With this posting I have successfully met the self-imposed challenge of posting at least once a day for an entire month. Woot! Late in October I signed up to become an “official” NaBlaPoMo blog. My brain is so hyperactive with background noise it was actually fairly easy to do. Setting a goal and meeting that goal: Not something you’ll find me doing all that often. 🙂
To celebrate, I started off this post with a graph showing the activity of this blog as reported by the WordPress stats function. The graph shows “views per week.” I’m still a new kid on the block. I’ve only been doing this for 10 weeks. But the overall trend seems promising. When CNN and FOX News start calling to get my opinion on things I’ll be sure to let you know. And yes, the Y-Axis labels have been omitted to prevent the leaking of critical proprietary statistical information. Ha!
The WordPress dashboard tells me that in those 10 weeks I have posted 128 times using a whopping total of 681 tags. That makes this post number 129. And while someone like They Call Me Jane has yet to write her 100th post, she has already hit the 1,000 comments milestone. Me? With more posts than her I’m about 40.1 percent there.
I hope that this blog makes you laugh and occasionally prompts you to think. I deeply appreciate those of you who read and share my private thoughts (since I’m doing this anonymously). It has been a lot of fun and I’ve met some wonderful and amazing people that I already consider to be friends. I plan to keep writing full throttle and see where this blog takes me. Horton could hear a Who. It’s nice to know that the outside world can sometimes hear my shouts from the abyss, too.
What do you know about WordPress tags?
Do you use them? Give them any thought at all? Do you ever go exploring blogs by tag?
No great insights here. I haven’t studied them that much yet. But I did notice that recently I was #1 for the poop tag. Still am! I have to admit that made me very happy. There is nothing inherently “negative” about poop but somehow it became a fixture around here. And I wouldn’t have it any other way.
Did you know if you have the “tag cloud” enabled on your blog, clicking a tag link there will show posts with that tag from your blog only?
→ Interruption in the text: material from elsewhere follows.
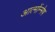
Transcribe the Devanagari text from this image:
आत्मोंन्मेष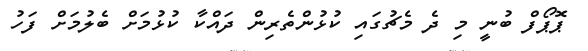
ޕޮޕޯފް ބުނީ މި ދެ މެޗުގައި ކުޅުންތެރިން ދައްކާ ކުޅުމަށް ބެލުމަށް ފަހު

But that if you click the tag in the post’s header (or footer, depending on the theme) it will take you, instead, to the page for all WordPress blogs with that tag? It’s pretty neat.
I’m still not sure how to tweak my tags for maximum results. Should I use the plural version of the word, the non-plural version or both? I do know that as far as WordPress is concerns the plural and non-plural versions of the same tag are treated as two different things.
What else have you learned? What is your experience? Got any funny stories? Maybe you’ve been #1 for a tag a lot? Or maybe you have questions about tags, too? If so, let me know.
Tags a lot!
Note: I know this is a super-lame post. I waiting too long and gave myself about four minutes to write it. Epic fail!
Edit: By the way, I just noticed this is my 500th post. I guess that puts me knee deep in the hoopla!